ラカンSLV翻訳と注釈5:ハイデガーのes(続3)

ラカン読解を期待してこのブログにアクセスする読者諸賢は、私がなかなかラカンに踏み込まないのでイライラしているかもしれない。だが、もう少しご辛抱願いたい。現在なお日本で崇拝されているハイデガー―――偉大でありながらも或る意味で危険な思想家―――に対して、私は批判的なスタンスで言及するのだから、発言に責任を持たなければならないし、それは当たり前のことである。無責任なプロパガンダや、虚偽にもとづくハイデガー擁護をするつもりはまったくない。

まず、『存在と時間』という題名の、特に『存在』という訳語が適切かどうか、というところから考えよう。

さて、『存在と時間』と訳されることの多いハイデガーの著書《Sein und Zeit》を、辻村公一だけが『有と時』と訳している。

辻村は、「存在」を「ある」、「時間」を「とき」と訳し、題名全体を「あるととき」と訳すのが「一番無難であろう」と、「訳者後記」で語っている。私も後述するように、そう思う。しかし、辻村は、このようなやまとことばの訳では、ことばが「邦訳文の流れのうちに解消されてしまう」とも述べている。つまり、「あるととき」では、訳文がグジャグジャしていて、うっかりすると変な区切り方で読んでしまう恐れがある、ということなのであろう。
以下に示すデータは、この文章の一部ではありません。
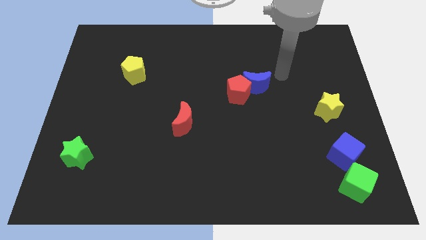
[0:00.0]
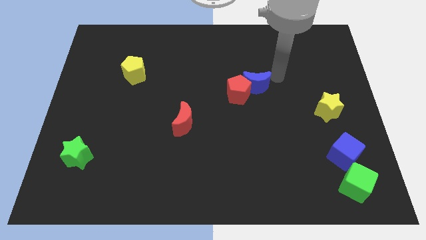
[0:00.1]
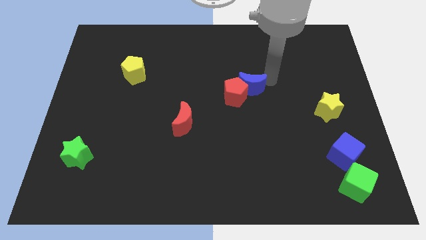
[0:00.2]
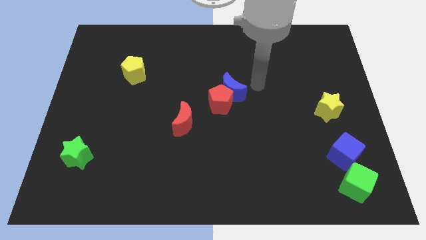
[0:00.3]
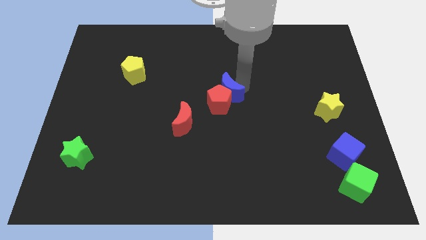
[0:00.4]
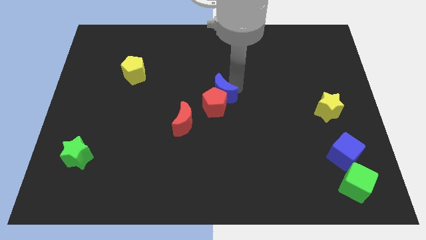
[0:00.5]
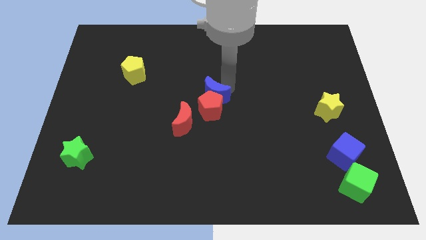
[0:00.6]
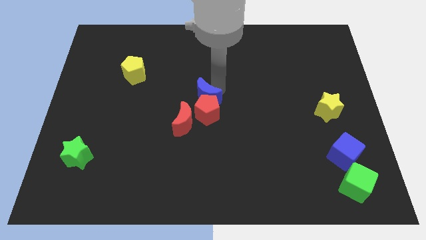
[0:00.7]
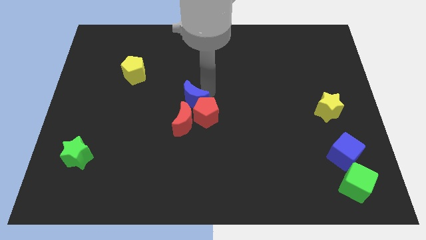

これまた、もっともなことである。

辻村は、国語辞典や漢和辞典をもとにして、「存在」という日本語化された漢字の熟語は、《Sein》というドイツ語の意味を十分には伝えない訳語であると判断する。そして辻村は、「存在」よりも「有」の方が、より十分な訳語だと考えている。

その根拠は何か。簡単に言うと、《Sein》(ザインと発音する、英語の《Be》に相当)は、「存在」つまり「ある」を意味すると同時に、繋辞の「である」(「AはBである」の「である」)を意味するが、「存在」という訳語には繋辞の「である」の意味がない、しかし、「有」には、「存在」という意味と、繋辞の「である」という意味が両方ある、というのがその根拠である。ただし、「有」がもちうる「所有」の意味は「除去されている」とも言う。誰が除去したのか不明であるが。ともかく、辻村は「所有」の意味を除去した上で「有」という訳語を用いる。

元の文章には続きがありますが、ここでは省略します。